(Source data)
⟨
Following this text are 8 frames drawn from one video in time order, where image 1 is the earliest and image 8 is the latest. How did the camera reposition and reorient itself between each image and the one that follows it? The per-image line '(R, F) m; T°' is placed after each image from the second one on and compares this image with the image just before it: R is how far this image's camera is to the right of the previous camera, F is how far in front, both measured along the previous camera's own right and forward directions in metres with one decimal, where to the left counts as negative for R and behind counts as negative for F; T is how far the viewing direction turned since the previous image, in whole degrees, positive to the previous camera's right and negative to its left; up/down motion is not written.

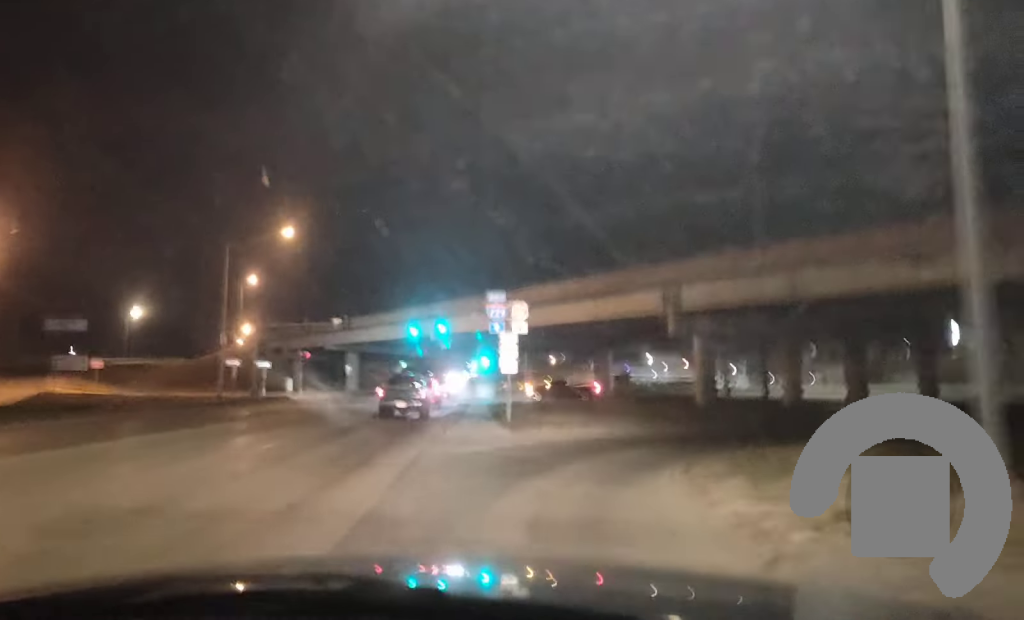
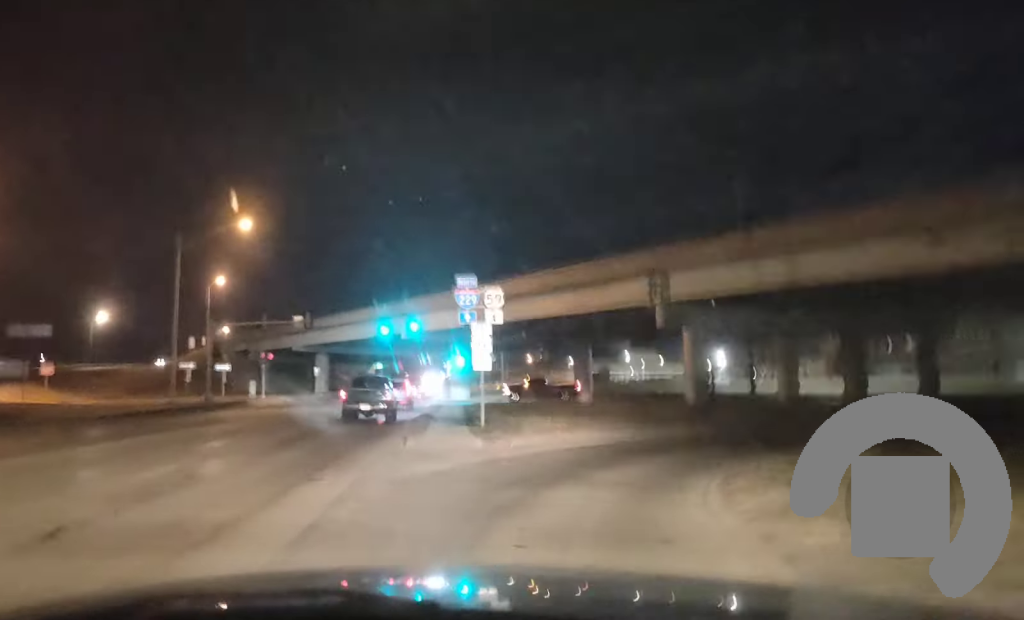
(0.0, +4.9) m; +1°
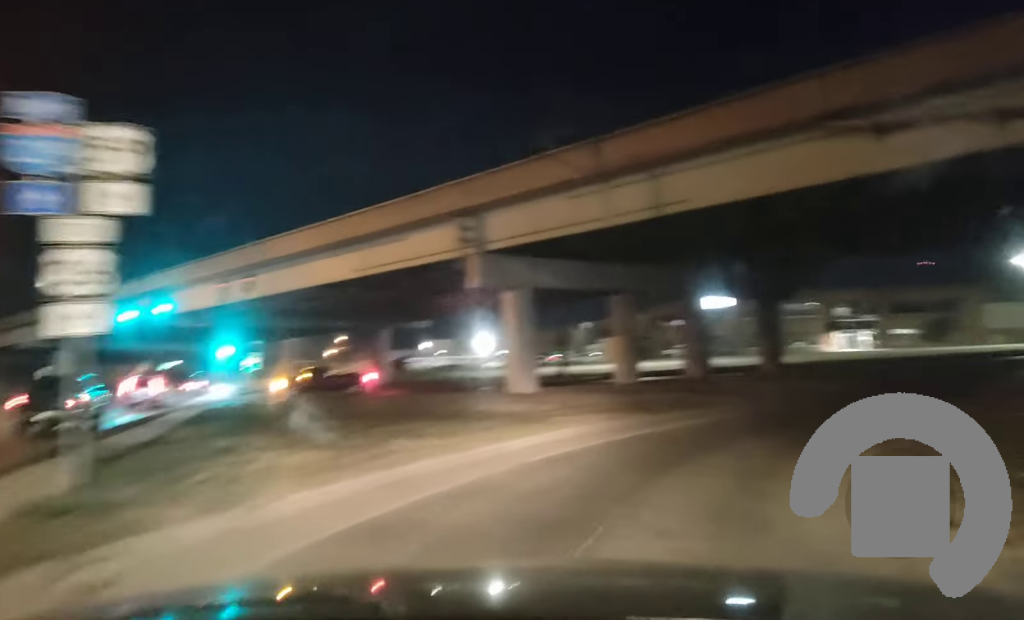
(+1.4, +16.9) m; +13°
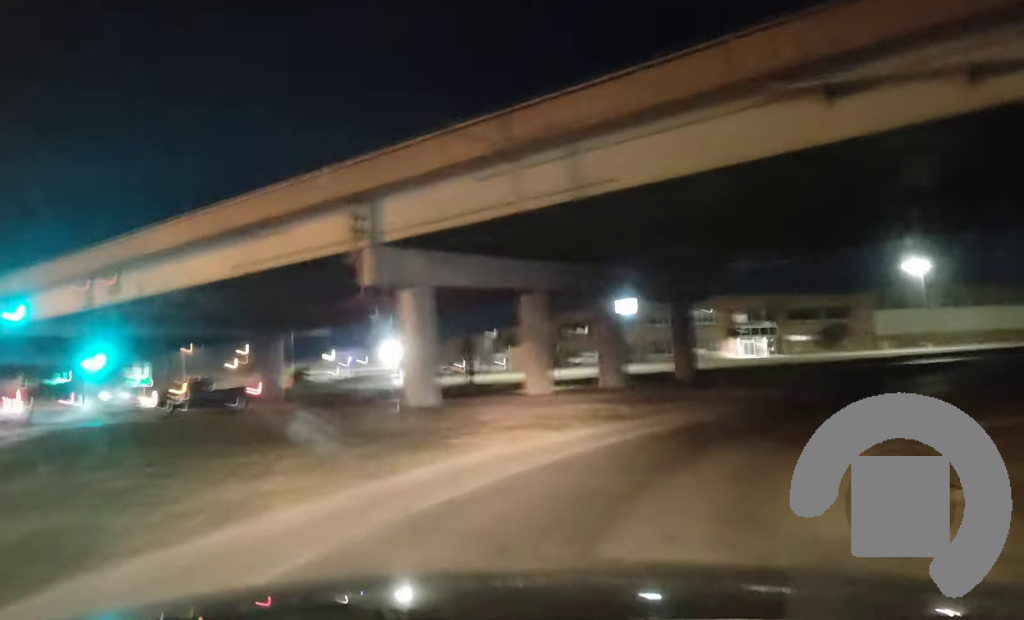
(+0.3, +4.7) m; +4°
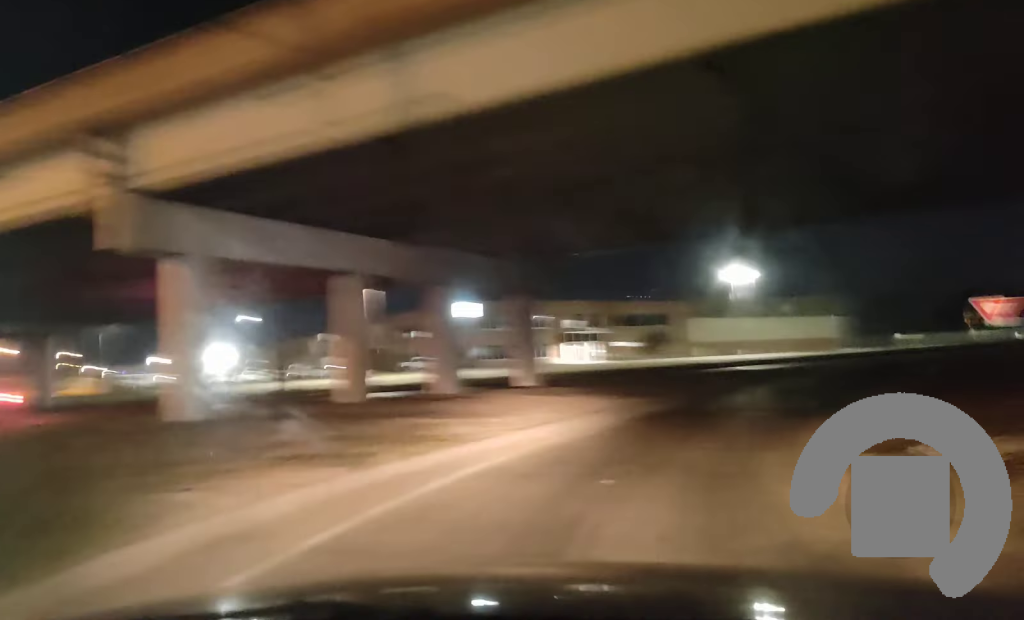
(+0.5, +8.1) m; +10°
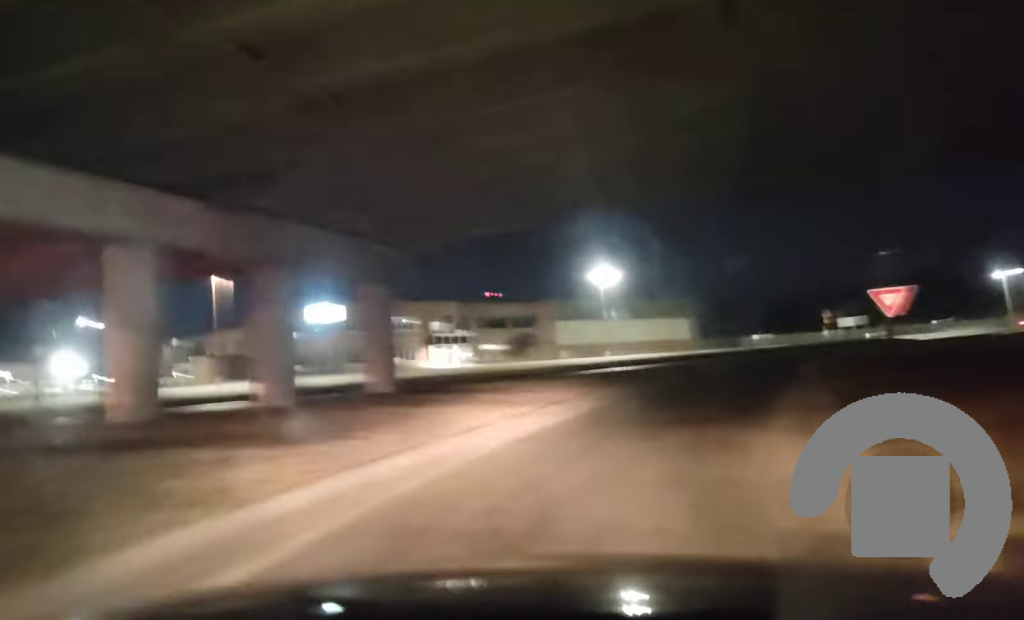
(+0.7, +7.2) m; +10°
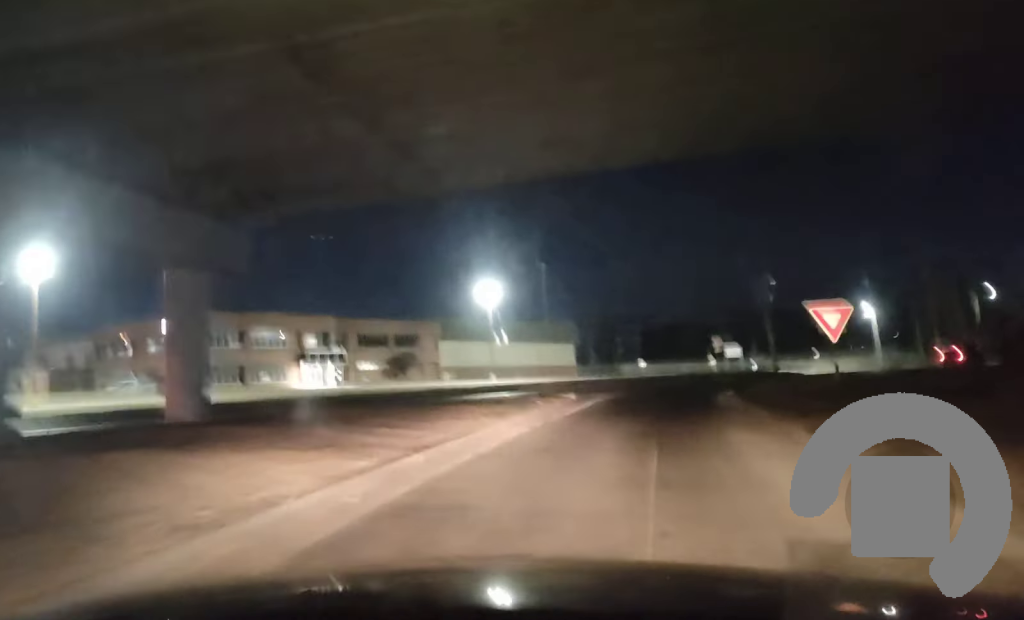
(+0.9, +8.5) m; +9°
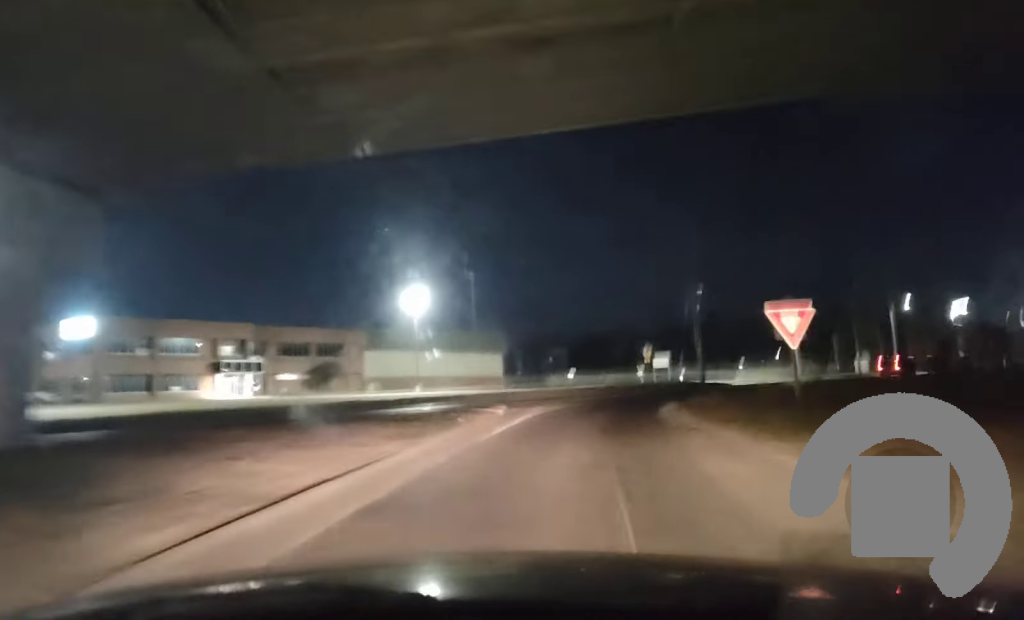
(+0.1, +4.7) m; +4°
⟩
Goal of the exercise » Every line of the records above should be copied exactly, while the pictures are left behind.

Output of the task »
Following this text are 8 frames drawn from one video in time order, where image 1 is the earliest and image 8 is the latest. How did the camera reposition and reorient itself between each image and the one that follows it? The per-image line '(R, F) m; T°' is placed after each image from the second one on and compares this image with the image just before it: R is how far this image's camera is to the right of the previous camera, F is how far in front, both measured along the previous camera's own right and forward directions in metres with one decimal, where to the left counts as negative for R and behind counts as negative for F; T is how far the viewing direction turned since the previous image, in whole degrees, positive to the previous camera's right and negative to its left; up/down motion is not written.

(0.0, +4.9) m; +1°
(+1.4, +16.9) m; +13°
(+0.3, +4.7) m; +4°
(+0.5, +8.1) m; +10°
(+0.7, +7.2) m; +10°
(+0.9, +8.5) m; +9°
(+0.1, +4.7) m; +4°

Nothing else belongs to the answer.